I sit down on the bed and look around, feeling confused as to where I am. My mother glares at me.
"When I say six, I expect you at six downstairs," she says through gritted teeth and leaves the room.
After splashing my face with water to wake up, I comb my hair quickly, straighten my clothes and and walk downstairs to the dining room.
"Apologies for not being on time," I mumble while sitting down.
My father doesn't lift his gaze from the racing magazine he's reading as my mother dishes out the stew she made. She's an excellent cook, but the social component of eating together makes meals less enjoyable.
"How's life, Matthew?" My mother asks after sipping her red wine. "You could come by for Christmas. Why now?"
Her suspicion puzzles me because I never come by for Christmas. "I have work commitments coming up and had to plan my time smartly. Life is good, peaceful. I have a lovely girlfriend who runs a business and we want to spend the Christmas break together."
"Women! Waste of time! You are better alone," my father grunts while my mother rolls her eyes.
"Why isn't she here with you? I find it quite rude that she doesn't want to meet your parents."
For the sake of keeping the peace I stay silent, but she's starting to push my buttons.
"Who the hell would want to meet you?" My father snorts. "She will hate you. Worst mother in law is what you'll be, taking after your mother."
"BECAUSE YOU ARE SO FANTASTIC YOURSELF!" She yells. "A drunkard, dumb as a doorknob!"
My head is starting to hurt. "STOP THIS NOW! I'M FUCKING FED UP WITH YOU TWO!" My fist slams the table and they stare at me wide-eyed.
"This is the reason why I didn't want to bring her here.

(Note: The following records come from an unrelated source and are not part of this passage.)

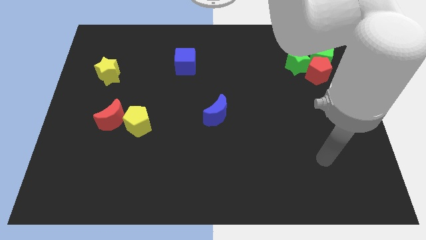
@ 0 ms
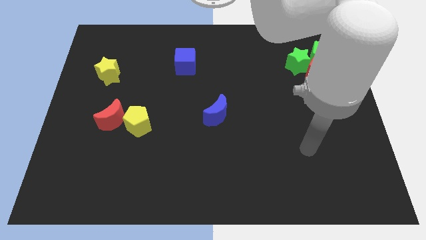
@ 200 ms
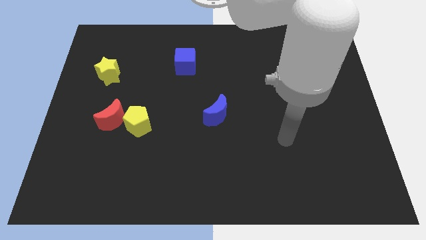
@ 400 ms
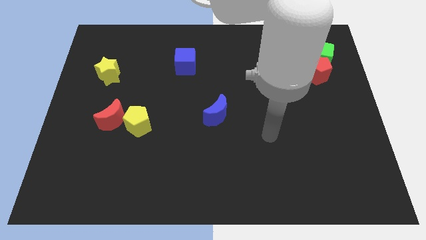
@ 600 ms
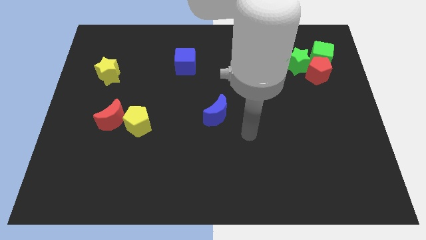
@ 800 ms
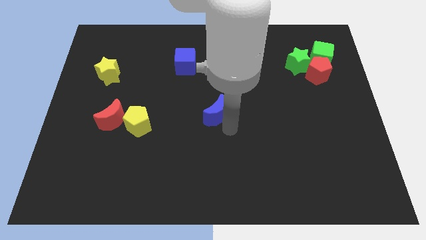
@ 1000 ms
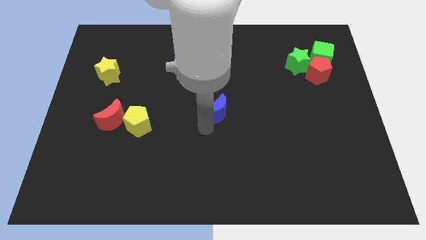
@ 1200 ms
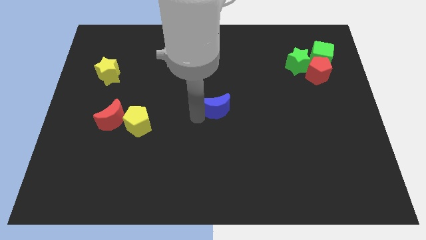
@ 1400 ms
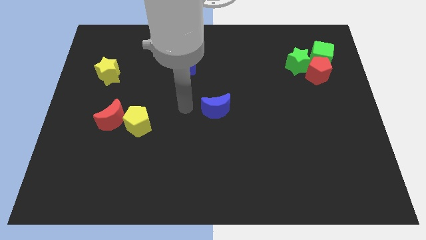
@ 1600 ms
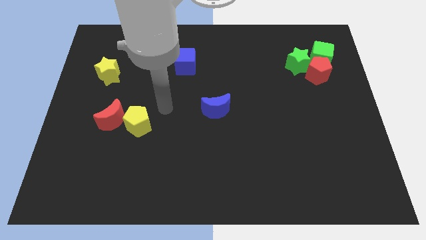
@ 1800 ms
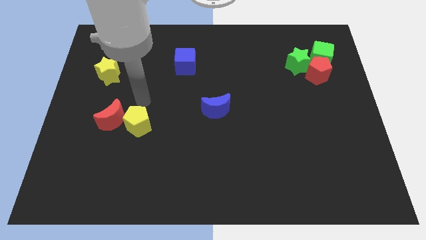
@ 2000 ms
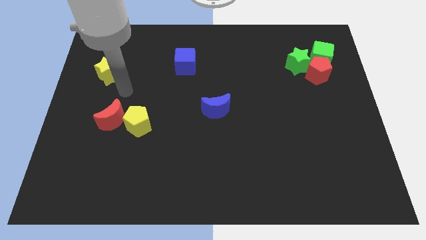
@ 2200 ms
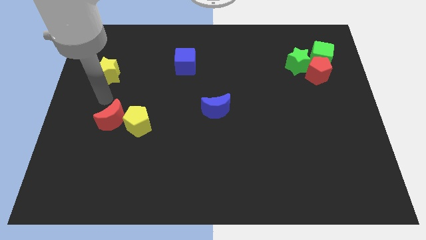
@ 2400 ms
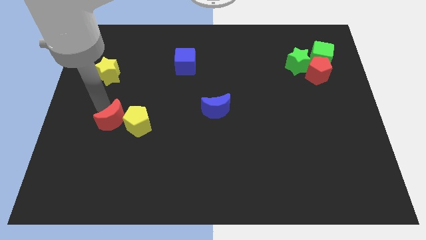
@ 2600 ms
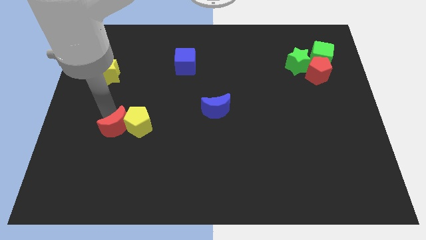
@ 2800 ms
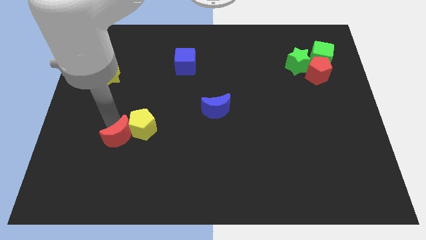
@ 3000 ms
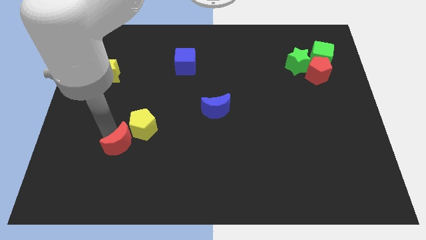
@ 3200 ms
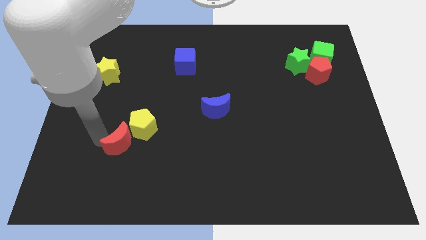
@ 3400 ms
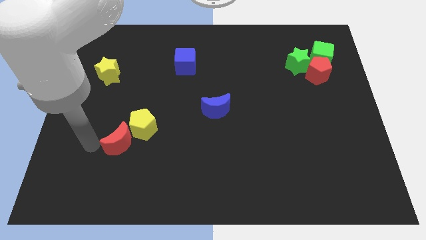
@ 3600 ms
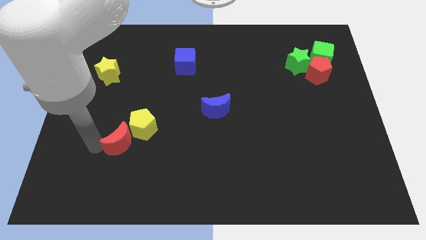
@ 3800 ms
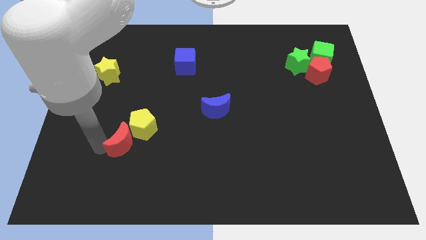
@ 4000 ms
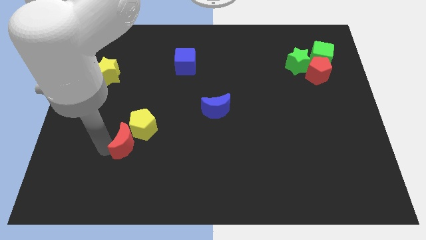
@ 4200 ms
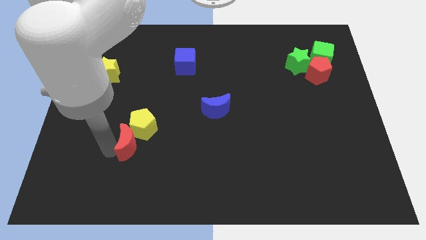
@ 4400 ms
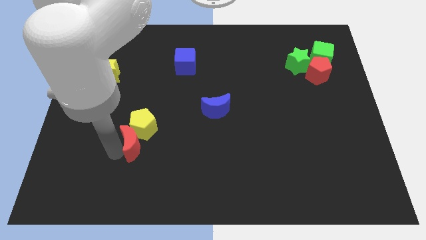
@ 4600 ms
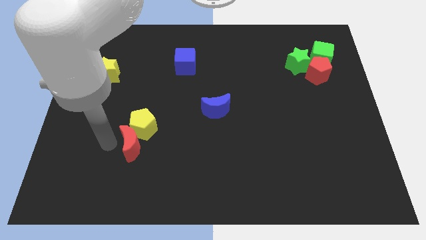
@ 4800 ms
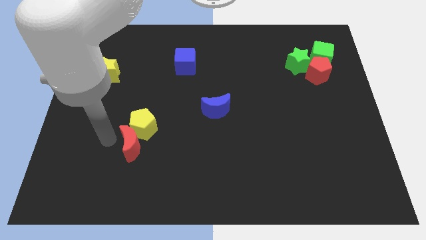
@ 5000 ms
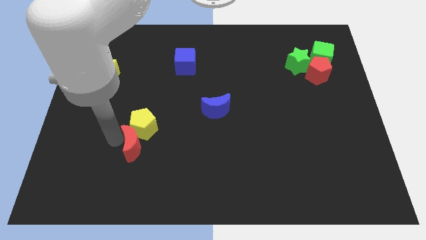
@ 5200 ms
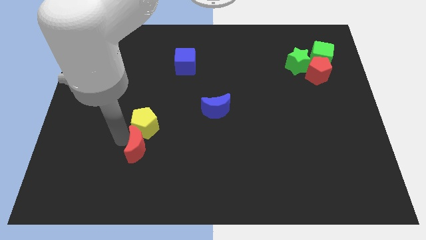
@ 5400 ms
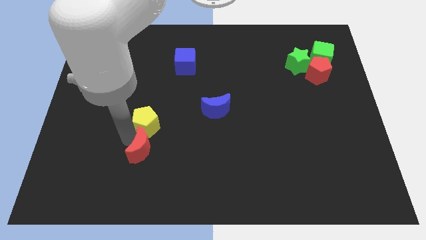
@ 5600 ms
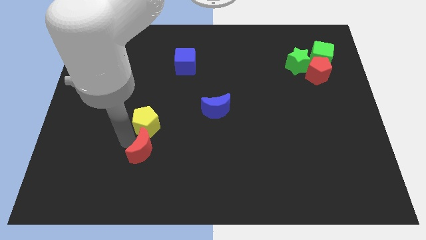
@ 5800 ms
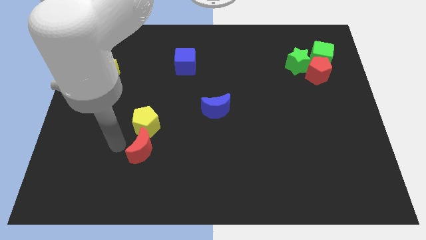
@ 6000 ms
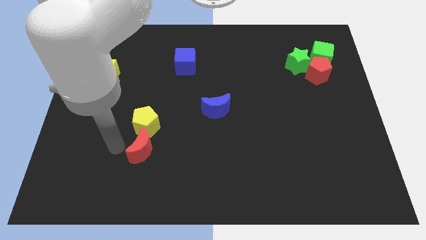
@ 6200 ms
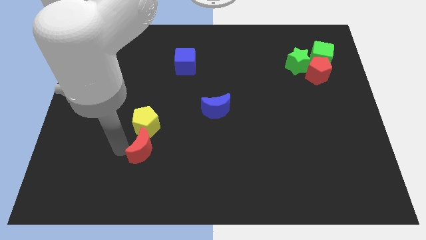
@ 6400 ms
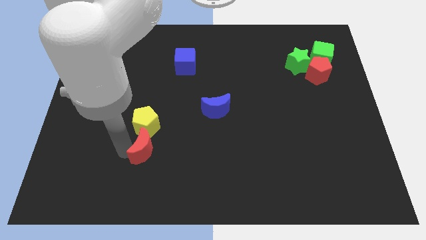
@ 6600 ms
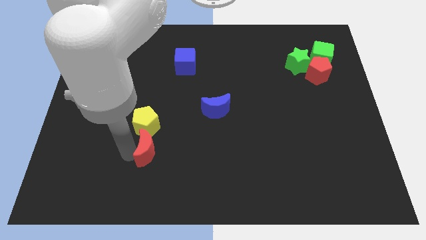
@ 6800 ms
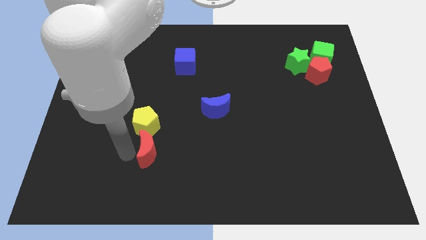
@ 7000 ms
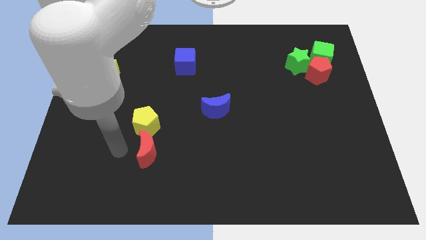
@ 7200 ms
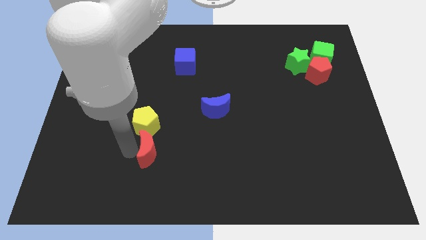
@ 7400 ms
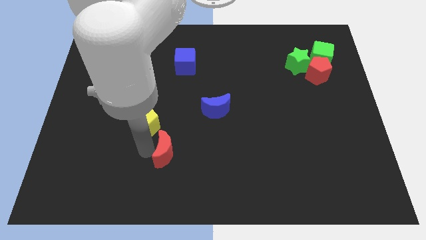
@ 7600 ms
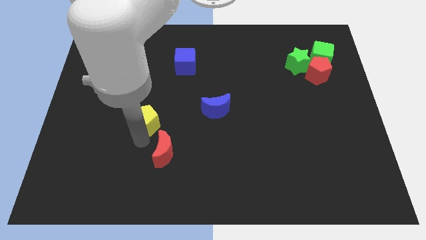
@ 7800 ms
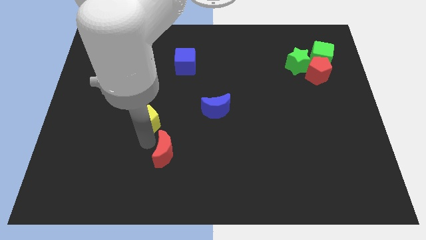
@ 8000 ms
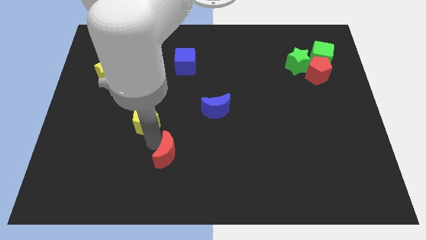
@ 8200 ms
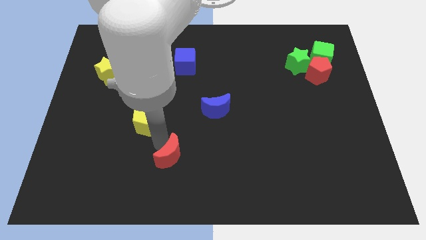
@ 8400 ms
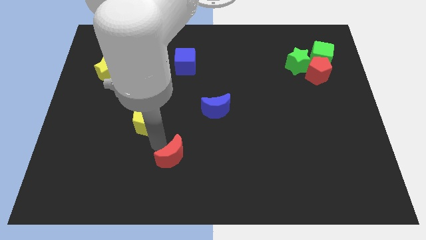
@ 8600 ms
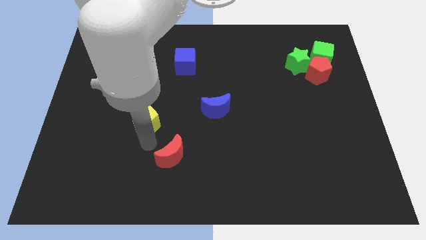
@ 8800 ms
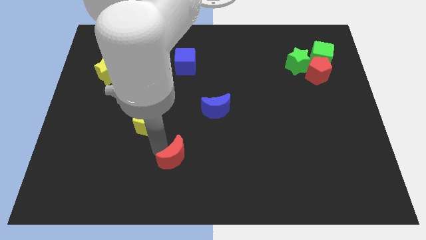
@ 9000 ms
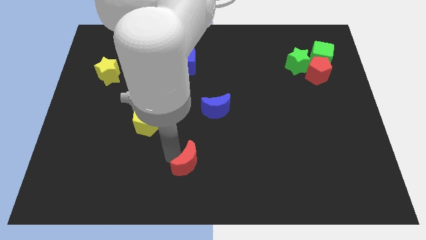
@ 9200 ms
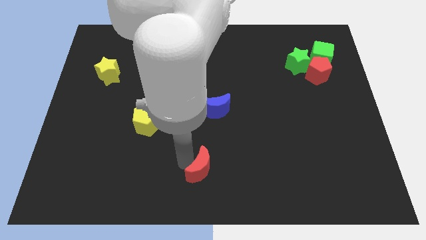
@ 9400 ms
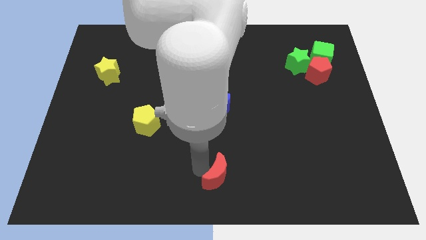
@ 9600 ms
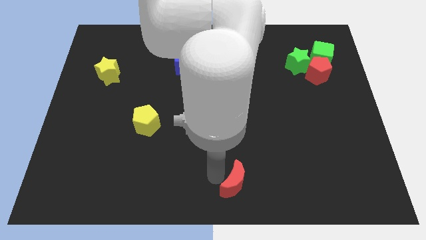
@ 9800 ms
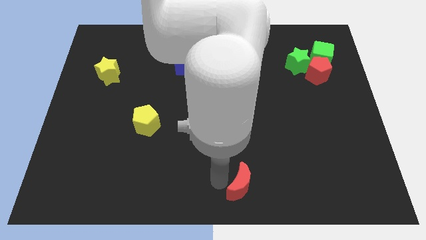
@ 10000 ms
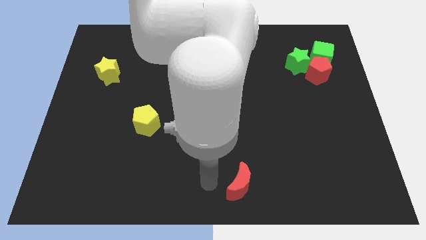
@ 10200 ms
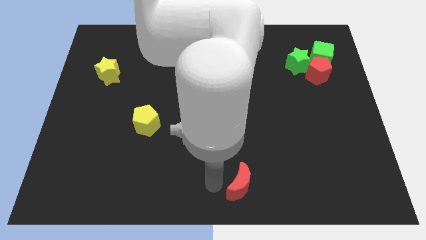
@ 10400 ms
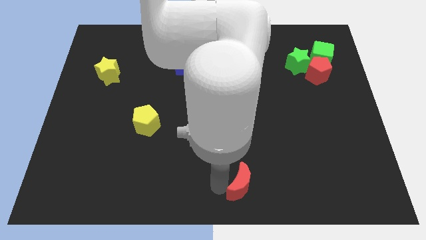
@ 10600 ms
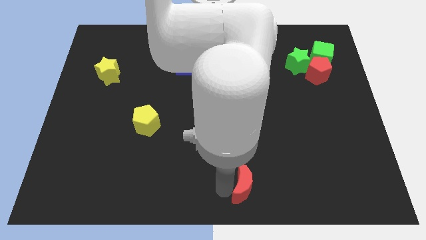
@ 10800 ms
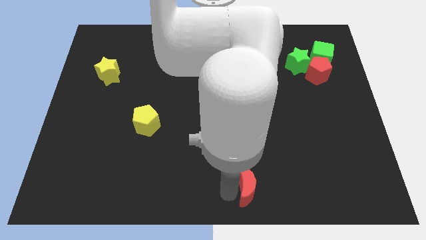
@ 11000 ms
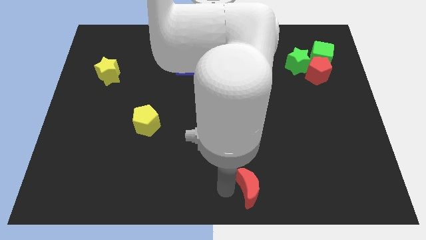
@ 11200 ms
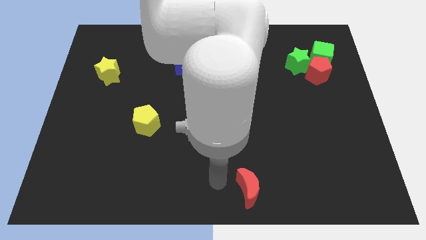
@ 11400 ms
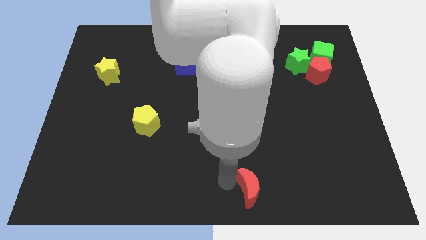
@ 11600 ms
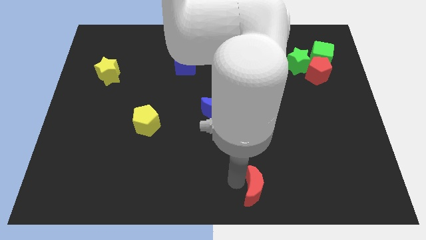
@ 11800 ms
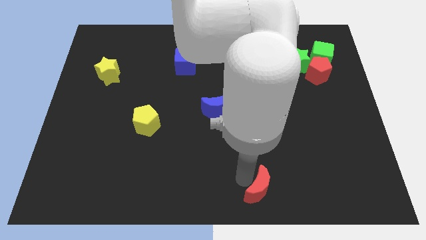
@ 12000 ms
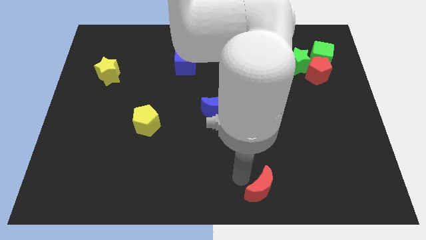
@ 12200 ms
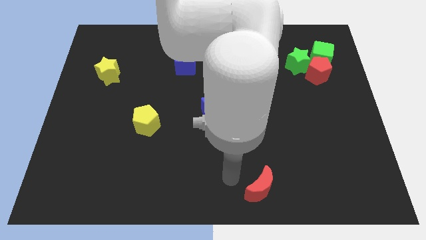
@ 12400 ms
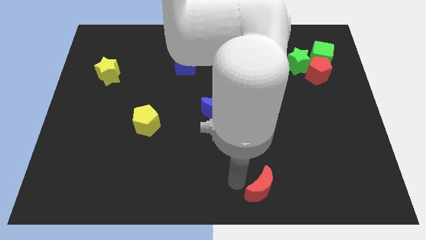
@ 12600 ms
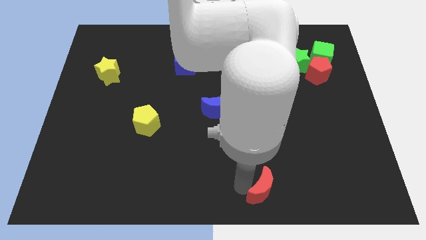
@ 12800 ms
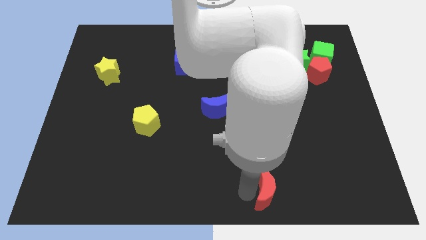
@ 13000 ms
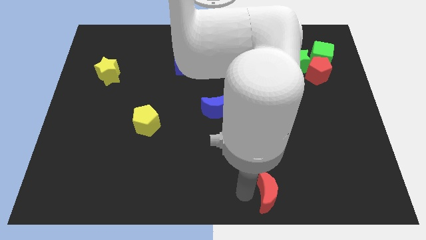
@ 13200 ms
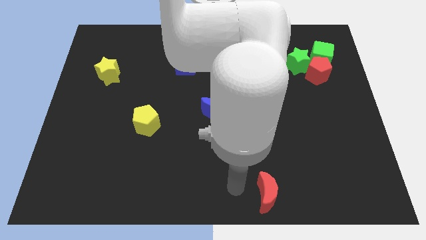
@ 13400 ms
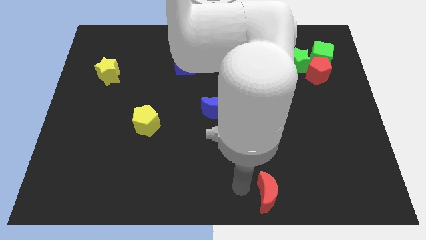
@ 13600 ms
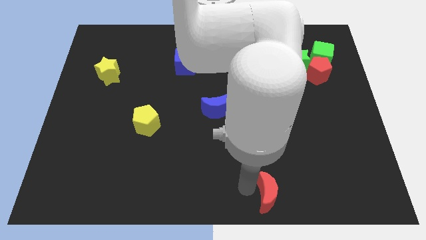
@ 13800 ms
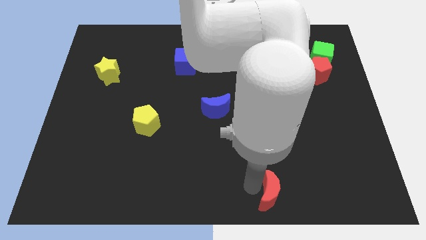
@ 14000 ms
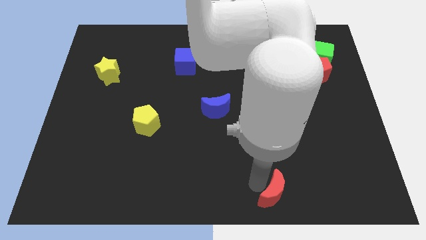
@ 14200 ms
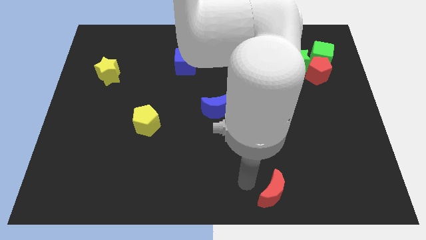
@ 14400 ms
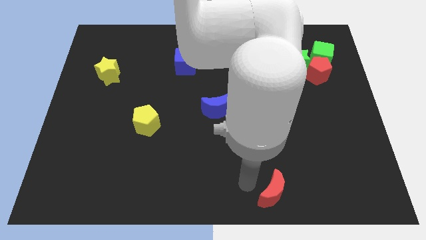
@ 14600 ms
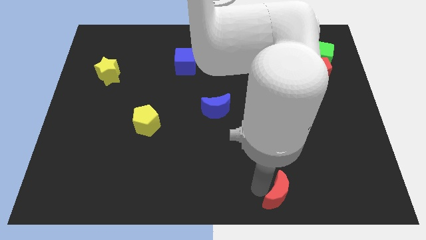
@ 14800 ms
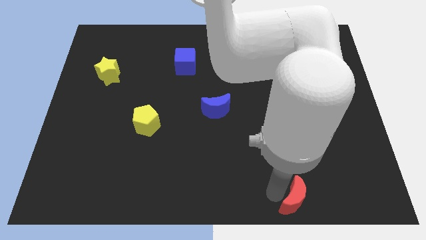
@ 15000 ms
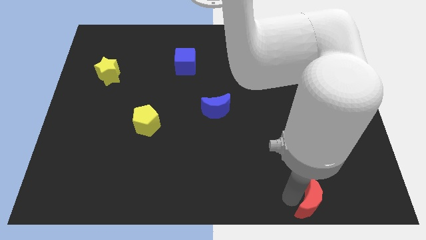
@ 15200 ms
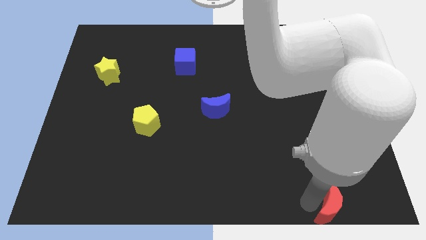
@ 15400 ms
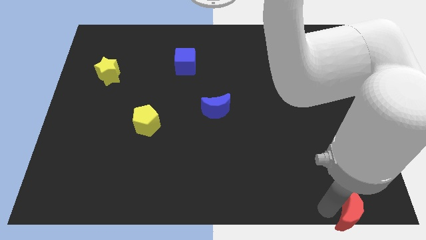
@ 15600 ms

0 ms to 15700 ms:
slide the red moon to the bottom right corner

You can't go for five fucking minutes without turning anything into an argument. Erin Sommer is the best thing in my life because with her and her family I have found peace. Not only she's beautiful and talented, she's the most caring woman in the world, a quality none of you seem to have. I love her so much that I asked her to marry me and she accepted, and I hope that my bliss lasts forever and that it never turns into what you have. Why didn't you divorce when I was a child? This isn't happiness, this isn't what marriage is about. Dad, you can't drown your misery in beer. Mom, your compulsive behavior drives everybody crazy. Please call it quits, because I just can't deal with this anymore."
I head upstairs and grab my bag to leave. While trying to zip the bag close, I see two gifts that Erin must have put in my bag for them. I leave them on the hallway table and head to my car. Once inside I take my phone out and call Erin.

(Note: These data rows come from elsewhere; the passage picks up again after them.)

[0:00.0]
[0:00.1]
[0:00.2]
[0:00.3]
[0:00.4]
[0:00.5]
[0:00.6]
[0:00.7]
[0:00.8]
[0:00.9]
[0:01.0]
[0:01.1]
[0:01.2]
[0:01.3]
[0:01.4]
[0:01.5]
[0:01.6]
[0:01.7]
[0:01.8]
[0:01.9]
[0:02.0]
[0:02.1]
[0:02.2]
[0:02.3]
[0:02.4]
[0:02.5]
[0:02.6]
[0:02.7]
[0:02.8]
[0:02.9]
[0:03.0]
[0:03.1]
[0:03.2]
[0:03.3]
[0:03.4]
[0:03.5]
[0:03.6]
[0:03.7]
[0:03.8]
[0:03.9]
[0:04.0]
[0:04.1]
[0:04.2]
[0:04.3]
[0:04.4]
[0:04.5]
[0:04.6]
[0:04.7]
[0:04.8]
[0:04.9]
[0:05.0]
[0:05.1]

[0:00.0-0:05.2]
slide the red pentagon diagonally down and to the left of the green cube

"Hey, Matt," Erin greets me. "How's everything? Did they like the gifts? " A shaky breath from anger escapes me. "Are you okay? "
"I'm not, but I'll be okay. I'm going back to Greenwood because I can't spend a minute longer here. I should be at the club around ten."
"I'll be here for you. Drive carefully. I love you."
"I love you."
Erin's words are all I needed to hear. It's all I've ever wanted and needed in my life; to feel supported, cared for, loved. Many times I even wondered why my parents had me and how their relationship was before I arrived in their lives. Maybe the way I stormed out was as dramatic as their behavior, but I'm done with them. I'm done with being in the middle of their arguments. Things likely won't change but I feel relieved after letting them know what I think and what I've been keeping in my heart. This irritation will take a while to leave my mind, but I'm looking forward to spending the holidays with the people who truly love me and respect me.